Recently, an employer was reminded that it must follow proper procedure to suspend its former employee’s workers compensation benefits. In the Commonwealth Court of Pennsylvania, a judge affirmed the Workers’ Compensation Appeal Board’s decision to deny an employer’s request to suspend the worker’s benefits.
The employee had been receiving benefits since 1989 when he injured his back on the job after being struck by a machine. In 2004, the employee was examined by the employer’s doctor. The doctor stated that he believed that employee was still totally and permanently disabled, but that the disability was caused by non-work-related causes, namely, the employee’s diabetes. The doctor believed that the employee’s back injury caused by the work accident would have healed by that time, so that the employee’s current back complaints must have been caused by neuropathy related to the employee’s diabetes.

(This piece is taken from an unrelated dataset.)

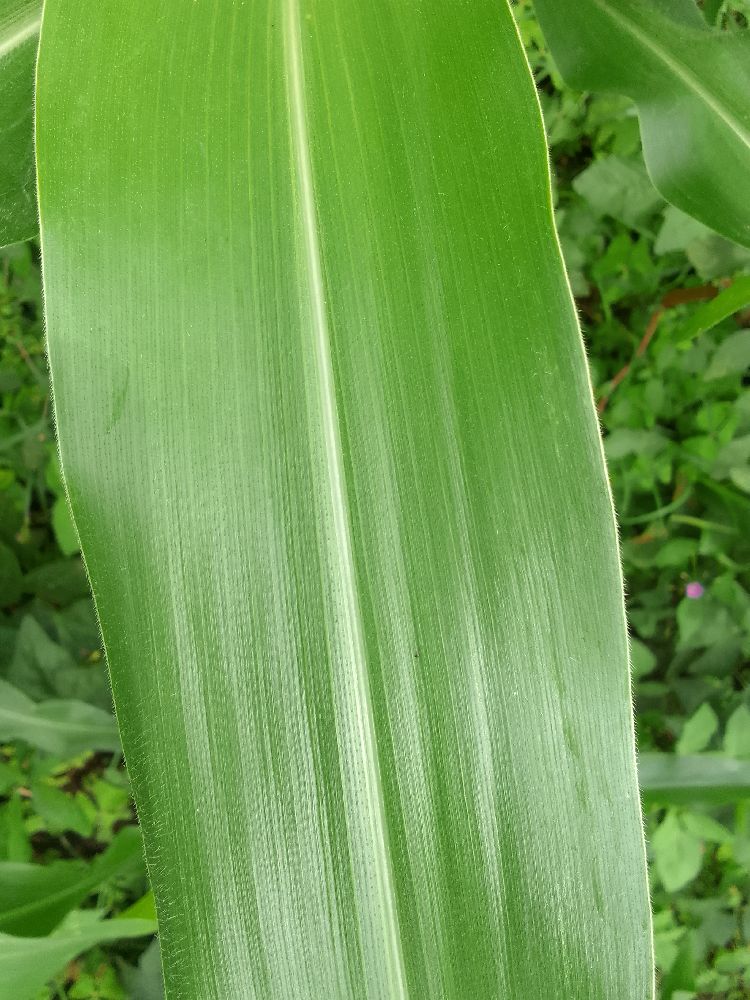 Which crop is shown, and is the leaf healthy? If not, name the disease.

maize, healthy
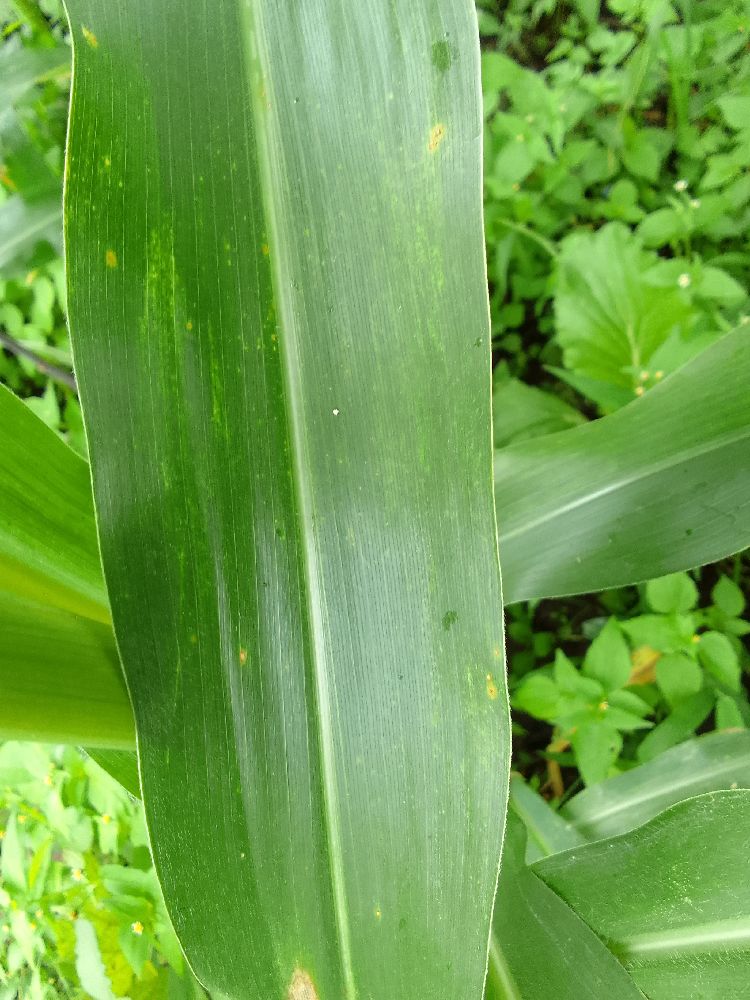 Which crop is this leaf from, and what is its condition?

maize, healthy

The employee also had non-work-related conditions related to his heart including atrial fibrillation, chronic obstructive pulmonary disease and high blood pressure. The doctor believed that the employee could not obtain “gainful employment” but, if employee’s non-work-related conditions were excluded, the employee could be cleared for “sedentary work.”
Based on the doctor’s clearance, the employee’s vocational worker began referring the employee to certain sedentary positions. The employee did not follow up on these referrals on the advice of his attorney and because he was hospitalized. The employer requested that the employee’s workers’ compensation benefits be suspended and a Workers’ Compensation Judge (WCJ) agreed with the employer.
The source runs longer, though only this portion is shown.